It seems to me that within 10 years display: table will be like deprecated and flexbox or CSS grid will take over.
Why would one want to use display: table over flexbox if one considers that all the browsers versions that are targeted by the website support flebox, and if the performance is good?
During some time, display: table had certain things flex did not have.
performance:
In this very old benchmark (2014), there was a performance difference. https://benfrain.com/css-performance-test-flexbox-v-css-table-fight/
But browsers optimize at each update and it will change. And small performance difference may be negligible in most applications.
wider browser support
there are still many browsers in use that don’t support well flexbox.
But this will decrease over time.
a certain way to write the layout that the link above says needs less “CSS code”.
It does not seem very important.
certain features may be missing when looking at details
But there is always a way to live without a feature.
No I doubt it very much (although css doesn’t really get deprecated in the same way as html elements anyway). It will work fine in 10 years time just as it did 10 years ago and just as color and display will work.
Indeed its your grid layout that may not work as the spec is still changing and the next level of subgrids being introduced which may affect the way that sites currently designed work. The same issues arose with flexbox and you still have IE using older versions. If you are talking about longevity then for the next year or so display:table still has the edge.
Display:table is a grid like layout unlike flexbox as flex is linear. You can do things with display:table that can’t be done easily by other methods and uses algorithms that have been present in the browsers since the table layouts of the 1990s.
Just because something is new doesn’t mean you have to use it. You use the tools required for the job in hand whatever you think fits the purpose the best.
By 10 years, and “deprecated”, I meant that flexbox and CSS grid would fit so many use cases, that display: table would gradually be less and less used.
→ In what case would display: table be more suited than flexbox or CSS grid, without considering browser support? Do you have an example?
I added “or CSS grid”, because CSS grid is often quoted as more suited than flexbox for 2 dimensional grids.

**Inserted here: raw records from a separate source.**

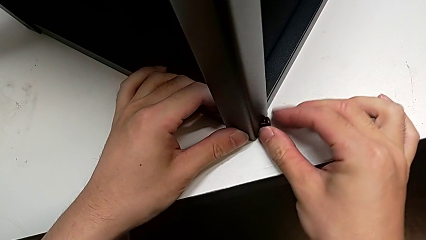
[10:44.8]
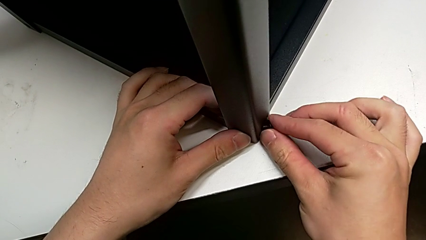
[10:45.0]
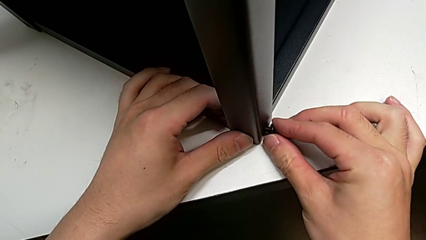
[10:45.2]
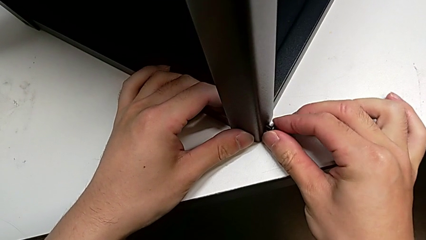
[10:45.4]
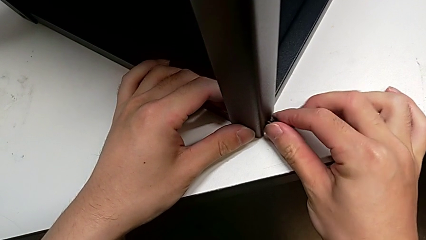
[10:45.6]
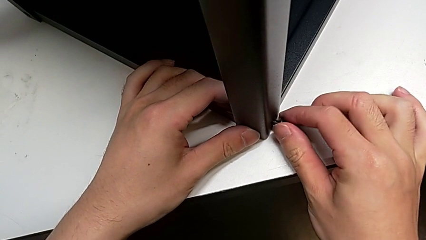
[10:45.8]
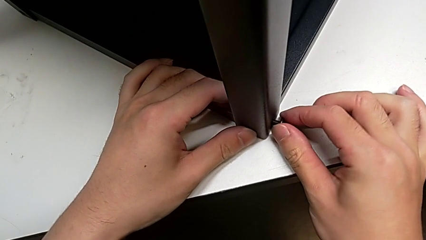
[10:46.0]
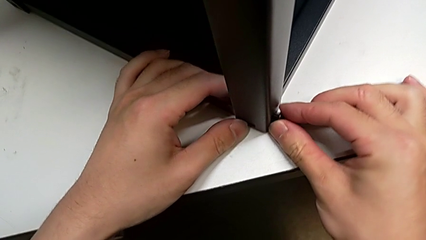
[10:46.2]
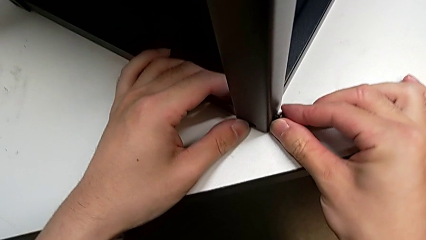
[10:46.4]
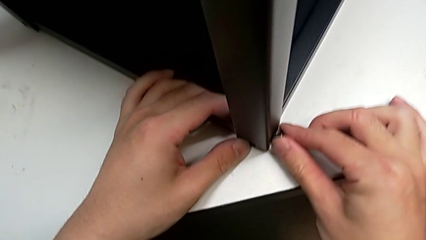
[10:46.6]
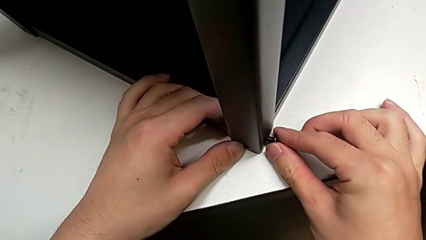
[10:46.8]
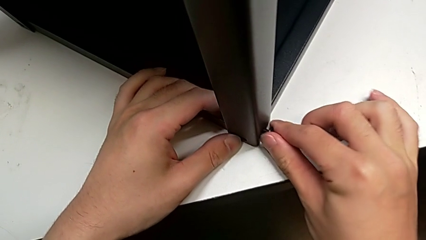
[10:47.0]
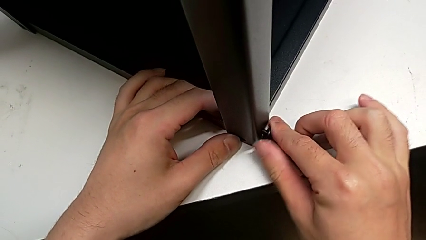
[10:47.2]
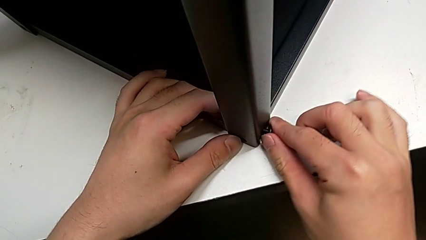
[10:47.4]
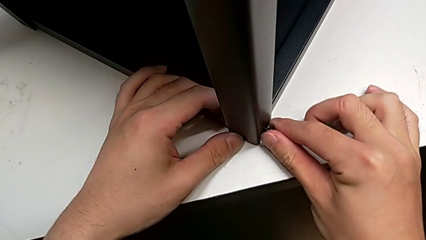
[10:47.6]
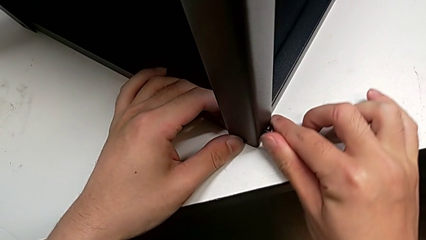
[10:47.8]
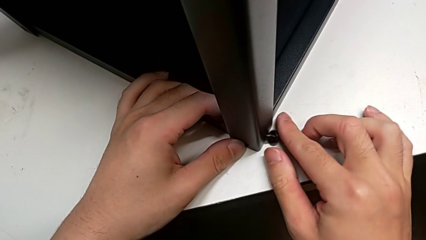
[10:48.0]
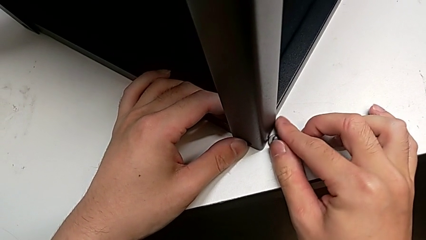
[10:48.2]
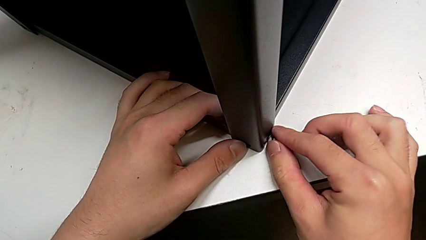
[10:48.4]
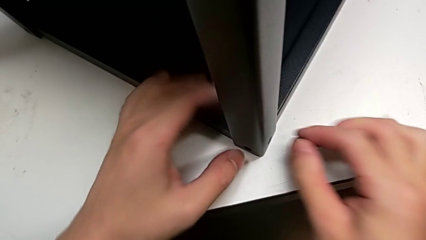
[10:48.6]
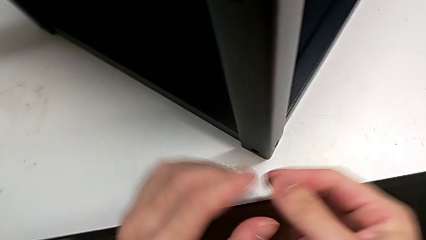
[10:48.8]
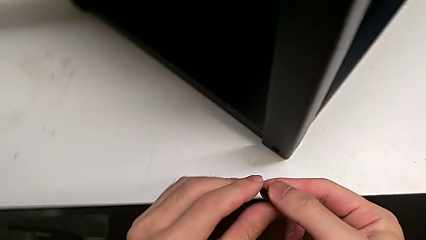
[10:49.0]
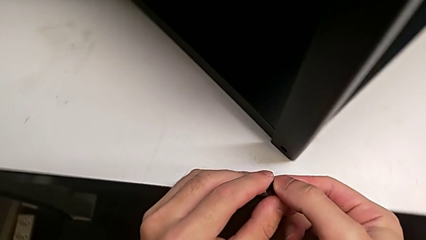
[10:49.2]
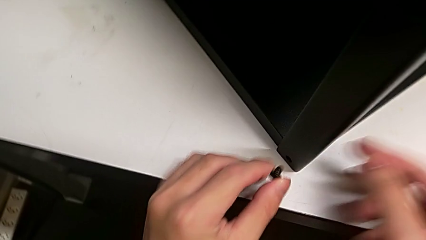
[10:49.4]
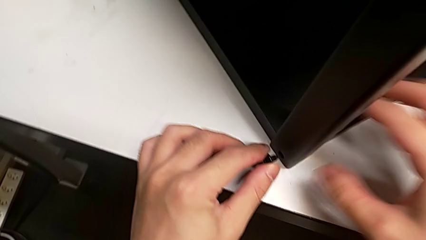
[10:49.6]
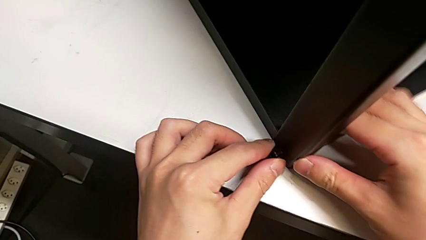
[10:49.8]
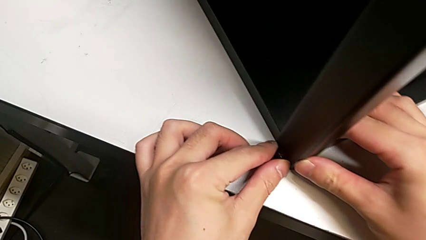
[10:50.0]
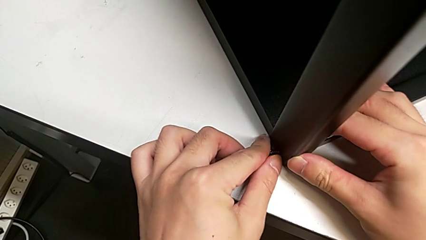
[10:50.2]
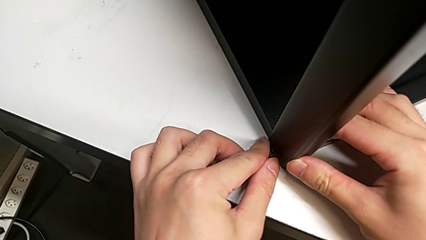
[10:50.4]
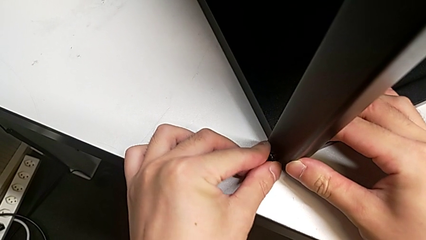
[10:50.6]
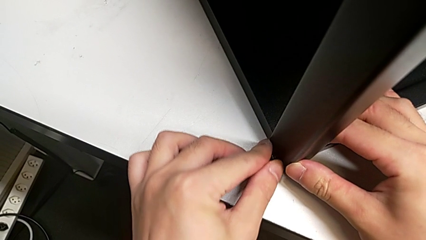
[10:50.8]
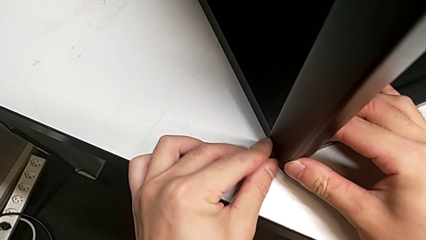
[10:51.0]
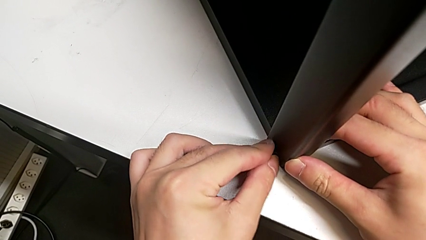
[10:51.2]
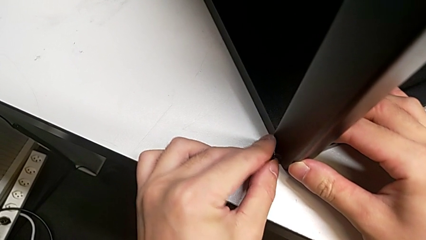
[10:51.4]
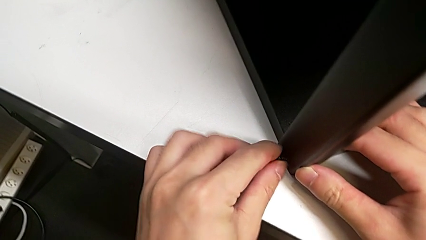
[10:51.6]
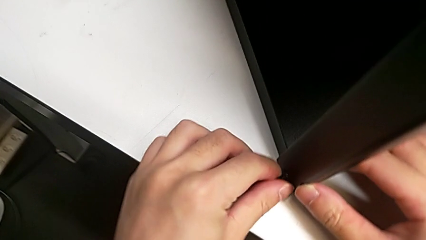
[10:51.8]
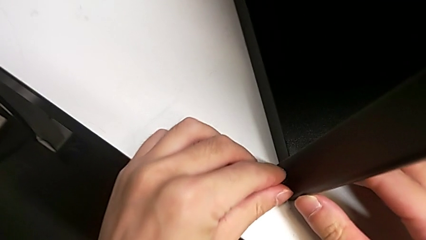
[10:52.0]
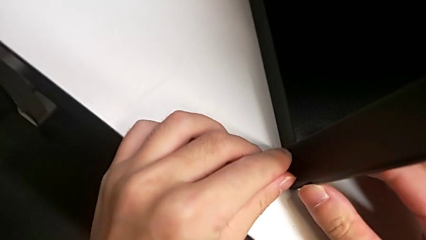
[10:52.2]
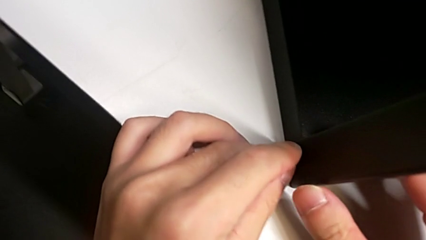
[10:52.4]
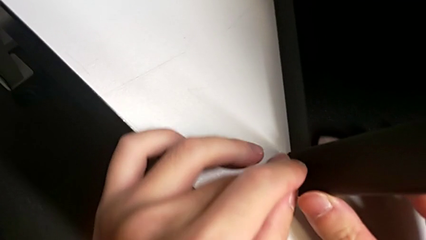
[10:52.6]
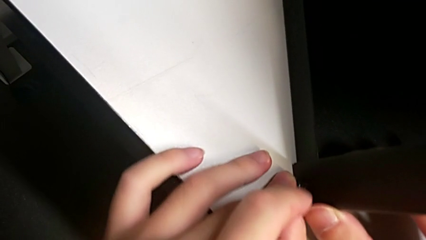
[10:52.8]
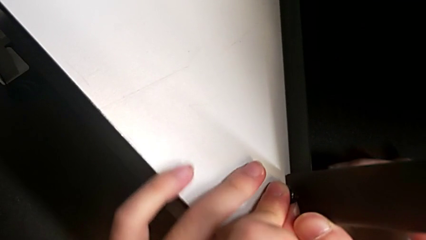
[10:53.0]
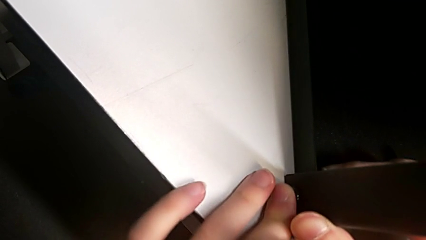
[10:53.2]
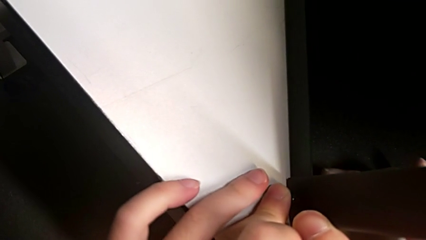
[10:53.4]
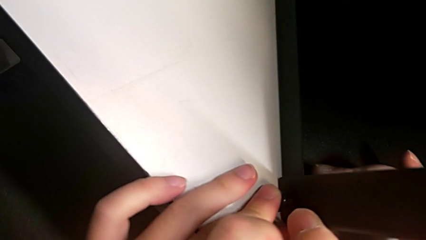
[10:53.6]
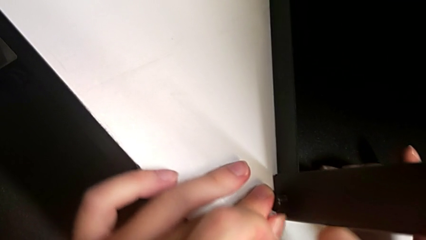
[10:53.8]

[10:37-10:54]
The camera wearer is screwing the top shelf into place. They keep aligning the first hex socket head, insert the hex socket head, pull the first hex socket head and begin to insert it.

Grid can do most of the things that display:table does and a lot more of course but for something simple like this which flex cannot do there seems not point in rolling out the heavy machinery.
In the end they are all tools in the toolbox and as usual with CSS there are often many ways to do the same thing and whether they are right or wrong depends on the job in hand and on personal preference.
Of course things like using floats for columns should be avoided as there are better methods but that doesn’t mean you can’t float something when you need to as neither grid of flex can imitate a float.